Daha önce akılda kalıcılık puanı verilen görüntülerden oluşan bir veri tabanı kullanılarak, katılımcılardan yine görüntüleri “kısa” veya “uzun” olarak derecelendirmeleri istenmiştir. Son deneyde, deneklerden her bir görüntüye baktıkları süre kadar bir düğmeyi basılı tutmaları istendi. Ertesi gün, bir önceki gün gördükleri görüntüleri doğru bir şekilde seçip seçemediklerini görmek için sürpriz bir hatırlama testi için laboratuvara geri geldiler.
Daha akılda kalıcı görüntülerin de zamanı kısaltıcı bir etkisi oldu. Sadece bu da değil, katılımcıların zaman algısı da akılda kalan görüntülere bakarken daha doğru ve tepki süreleri daha hızlıydı.

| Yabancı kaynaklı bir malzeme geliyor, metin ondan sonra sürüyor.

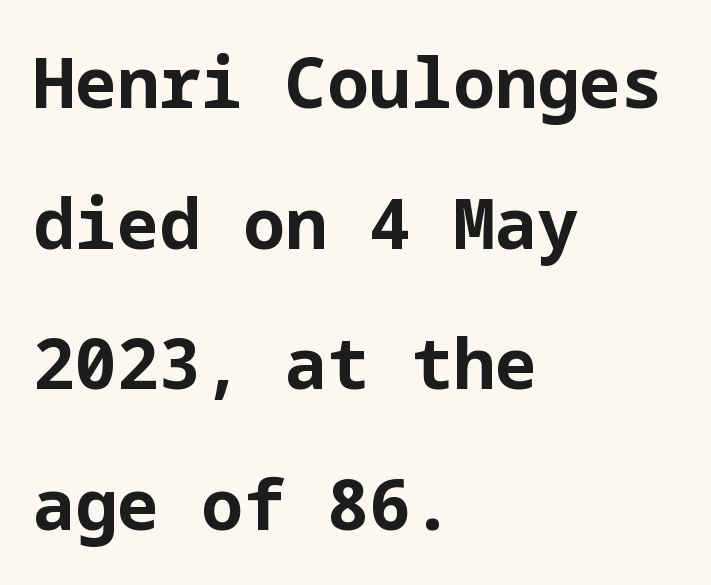
{"serif": "no", "italic": "no", "bold": "yes", "weight": "bold", "width": "normal", "stroke_contrast": "low", "x_height": "medium", "underline": "no", "align": "left", "line_spacing": "loose", "line_spacing_ratio": 2.01, "letter_spacing": "normal", "letter_spacing_em": 0.0, "glyph_px": 70}
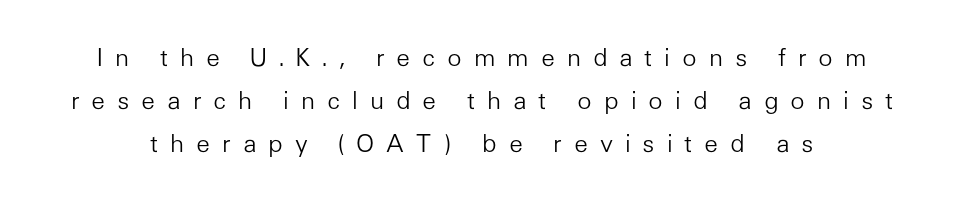
{"italic": "no", "bold": "no", "underline": "no", "line_spacing_ratio": 1.8, "letter_spacing": "wide", "letter_spacing_em": 0.49, "glyph_px": 24}

Bir resme uzun süre baktıklarını hissetmeleri onu daha iyi hatırlattı
Katılımcıların en uzun süre baktıklarını hissettikleri görüntüler ertesi gün daha iyi hatırlandı; bu da dünyada ilk kez elde edilen bir bulgu olarak, bir kişiye bir şeye daha uzun süre baktığını hissettirmenin onu ezberleme becerisini gerçekten artırabileceği ihtimalini ortaya çıkarıyor.
Dr. Wiener'e göre tüm bunların anlamı, zaman algısının beyinde duyusal katılımdan büyük ölçüde etkilenen oldukça temel bir işlev gibi göründüğüdür. Ekip daha fazla araştırmaya ihtiyaç olduğunu kabul etse de, bu durum “evrensel bir iç saat” fikrine meydan okuyor.

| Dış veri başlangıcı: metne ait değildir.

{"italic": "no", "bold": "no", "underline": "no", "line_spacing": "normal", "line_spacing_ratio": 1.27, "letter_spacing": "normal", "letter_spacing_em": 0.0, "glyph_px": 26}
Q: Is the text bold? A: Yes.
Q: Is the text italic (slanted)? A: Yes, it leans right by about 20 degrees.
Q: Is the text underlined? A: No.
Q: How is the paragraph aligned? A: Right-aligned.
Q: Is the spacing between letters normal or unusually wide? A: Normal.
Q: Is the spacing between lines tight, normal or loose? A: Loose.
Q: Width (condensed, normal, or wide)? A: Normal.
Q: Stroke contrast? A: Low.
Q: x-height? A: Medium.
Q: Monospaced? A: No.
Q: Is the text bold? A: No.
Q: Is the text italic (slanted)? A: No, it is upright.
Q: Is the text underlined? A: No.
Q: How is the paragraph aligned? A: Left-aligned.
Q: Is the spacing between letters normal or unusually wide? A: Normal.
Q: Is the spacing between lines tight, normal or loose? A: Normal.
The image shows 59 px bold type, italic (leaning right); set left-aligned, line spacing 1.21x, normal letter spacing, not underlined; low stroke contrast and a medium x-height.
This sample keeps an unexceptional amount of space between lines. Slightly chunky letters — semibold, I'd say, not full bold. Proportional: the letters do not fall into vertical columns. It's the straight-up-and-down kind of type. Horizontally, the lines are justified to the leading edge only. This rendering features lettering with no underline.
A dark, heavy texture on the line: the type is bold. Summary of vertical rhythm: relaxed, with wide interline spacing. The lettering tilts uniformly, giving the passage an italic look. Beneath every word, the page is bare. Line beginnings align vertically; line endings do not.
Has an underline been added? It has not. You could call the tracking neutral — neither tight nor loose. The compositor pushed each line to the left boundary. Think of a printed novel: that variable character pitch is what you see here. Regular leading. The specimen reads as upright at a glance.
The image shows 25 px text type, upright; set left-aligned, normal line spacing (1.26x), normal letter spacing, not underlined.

Bunun nedenine gelince, insanların çevreleri hakkında mümkün olduğunca fazla bilgi edinmelerine yardımcı olmak için evrimleşmiş olması mümkündür. Dr. Wiener, insan beyninin bir sahneye bakarken işlem süresinin sadece yaklaşık 1 saniye olduğunu açıkladı. Zaman genişlemesi, potansiyel olarak önemli bilgileri toplamak için daha fazla zaman vermek üzere beynin bu süreyi uzatmasına izin verebilir.
Bu aynı zamanda çok dağınık bir sahneyi gözlemlerken zamanın daraldığı algısına da uyabilir. İnsan görüşü dağınıklıkla başa çıkmakta pek başarılı değildir, dolayısıyla beynin bu gibi durumlarda bilgiyi ayırt etmek için zaman harcamak yerine enerji tasarrufu yapması mümkündür.
Araştırma, kendi zihnimizi daha iyi anlamamızın ötesinde önemli çıkarımlara sahip. Yapay zeka insan toplumunun içine giderek daha derin bir şekilde yerleşiyor, ancak insanlarla düzgün bir şekilde etkileşime girebilmesi için ona şu anda sahip olmadığı bir zaman kavramını aşılamanın bir yolunu bulmamız gerekecek.
Zaman algısı psikolojisinin daha iyi kavranması, zaman kavramını bozduğu bilinen şizofreni ve DEHB gibi rahatsızlıkları olan insanlara yardım etmede de faydalı olabilir.
Sonuç olarak, sonuçların çoğu şimdilik varsayım olarak kalmaktadır, ancak gelecekteki deneylerin neler ortaya çıkaracağını görmek büyüleyici olacaktır.